• **INFORMATION**:
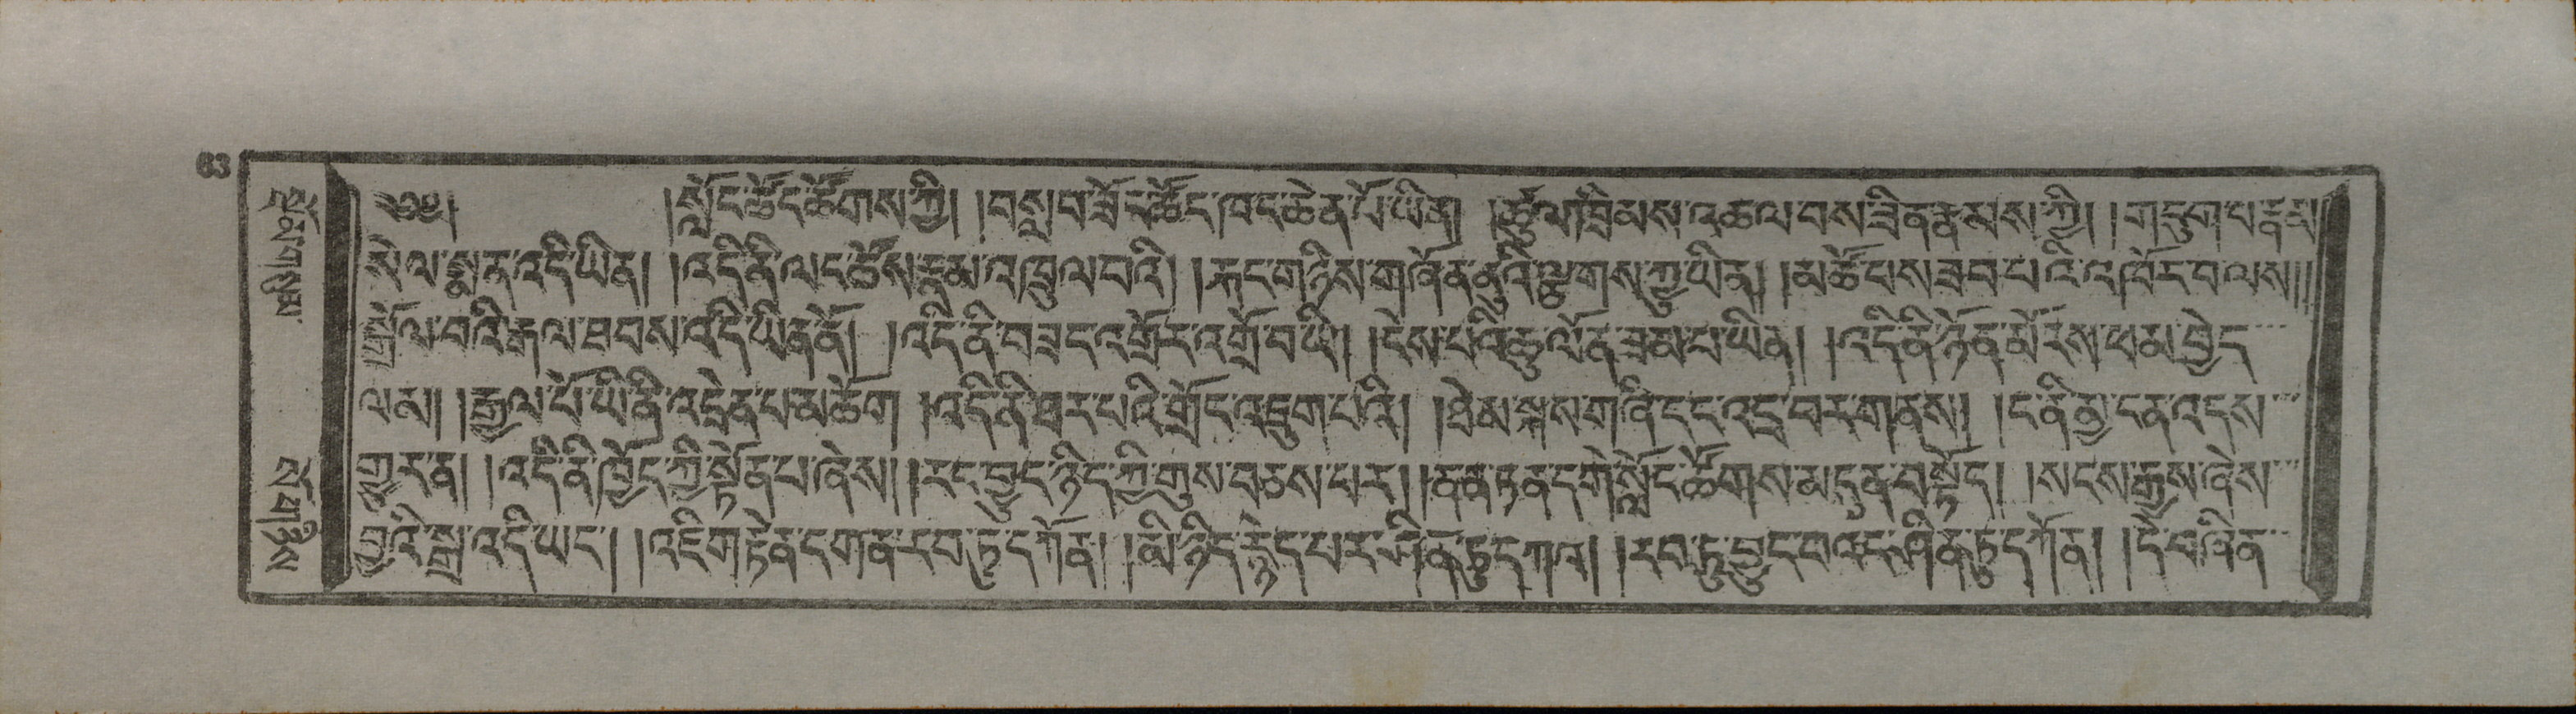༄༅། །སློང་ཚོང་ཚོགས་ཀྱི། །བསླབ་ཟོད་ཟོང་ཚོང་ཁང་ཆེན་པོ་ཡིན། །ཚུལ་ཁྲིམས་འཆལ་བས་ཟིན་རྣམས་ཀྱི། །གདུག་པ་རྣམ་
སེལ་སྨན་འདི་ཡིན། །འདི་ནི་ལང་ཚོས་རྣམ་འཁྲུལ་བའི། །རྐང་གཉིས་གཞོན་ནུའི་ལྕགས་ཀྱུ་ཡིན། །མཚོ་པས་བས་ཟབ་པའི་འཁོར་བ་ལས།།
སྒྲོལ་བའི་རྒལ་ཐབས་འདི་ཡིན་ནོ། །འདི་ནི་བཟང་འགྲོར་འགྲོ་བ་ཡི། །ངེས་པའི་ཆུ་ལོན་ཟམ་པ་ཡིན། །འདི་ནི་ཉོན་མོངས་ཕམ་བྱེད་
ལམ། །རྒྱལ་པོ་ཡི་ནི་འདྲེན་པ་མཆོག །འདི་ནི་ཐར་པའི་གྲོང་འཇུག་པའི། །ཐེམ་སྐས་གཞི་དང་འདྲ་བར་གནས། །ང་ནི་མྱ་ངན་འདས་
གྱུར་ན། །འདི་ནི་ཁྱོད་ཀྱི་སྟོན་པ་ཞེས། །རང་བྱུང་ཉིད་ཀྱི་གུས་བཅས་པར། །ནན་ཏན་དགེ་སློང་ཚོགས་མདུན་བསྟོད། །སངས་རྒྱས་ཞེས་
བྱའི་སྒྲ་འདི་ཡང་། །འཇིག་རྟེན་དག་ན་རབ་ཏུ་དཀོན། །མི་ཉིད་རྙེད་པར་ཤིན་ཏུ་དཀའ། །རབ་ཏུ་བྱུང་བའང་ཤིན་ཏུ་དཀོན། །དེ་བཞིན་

• **EXERCISE DIRECTIONS**: When you copy the listing above, reproduce every line exactly and skip the images.

• **SOLUTION**:
༄༅། །སློང་ཚོང་ཚོགས་ཀྱི། །བསླབ་ཟོད་ཟོང་ཚོང་ཁང་ཆེན་པོ་ཡིན། །ཚུལ་ཁྲིམས་འཆལ་བས་ཟིན་རྣམས་ཀྱི། །གདུག་པ་རྣམ་
སེལ་སྨན་འདི་ཡིན། །འདི་ནི་ལང་ཚོས་རྣམ་འཁྲུལ་བའི། །རྐང་གཉིས་གཞོན་ནུའི་ལྕགས་ཀྱུ་ཡིན། །མཚོ་པས་བས་ཟབ་པའི་འཁོར་བ་ལས།།
སྒྲོལ་བའི་རྒལ་ཐབས་འདི་ཡིན་ནོ། །འདི་ནི་བཟང་འགྲོར་འགྲོ་བ་ཡི། །ངེས་པའི་ཆུ་ལོན་ཟམ་པ་ཡིན། །འདི་ནི་ཉོན་མོངས་ཕམ་བྱེད་
ལམ། །རྒྱལ་པོ་ཡི་ནི་འདྲེན་པ་མཆོག །འདི་ནི་ཐར་པའི་གྲོང་འཇུག་པའི། །ཐེམ་སྐས་གཞི་དང་འདྲ་བར་གནས། །ང་ནི་མྱ་ངན་འདས་
གྱུར་ན། །འདི་ནི་ཁྱོད་ཀྱི་སྟོན་པ་ཞེས། །རང་བྱུང་ཉིད་ཀྱི་གུས་བཅས་པར། །ནན་ཏན་དགེ་སློང་ཚོགས་མདུན་བསྟོད། །སངས་རྒྱས་ཞེས་
བྱའི་སྒྲ་འདི་ཡང་། །འཇིག་རྟེན་དག་ན་རབ་ཏུ་དཀོན། །མི་ཉིད་རྙེད་པར་ཤིན་ཏུ་དཀའ། །རབ་ཏུ་བྱུང་བའང་ཤིན་ཏུ་དཀོན། །དེ་བཞིན་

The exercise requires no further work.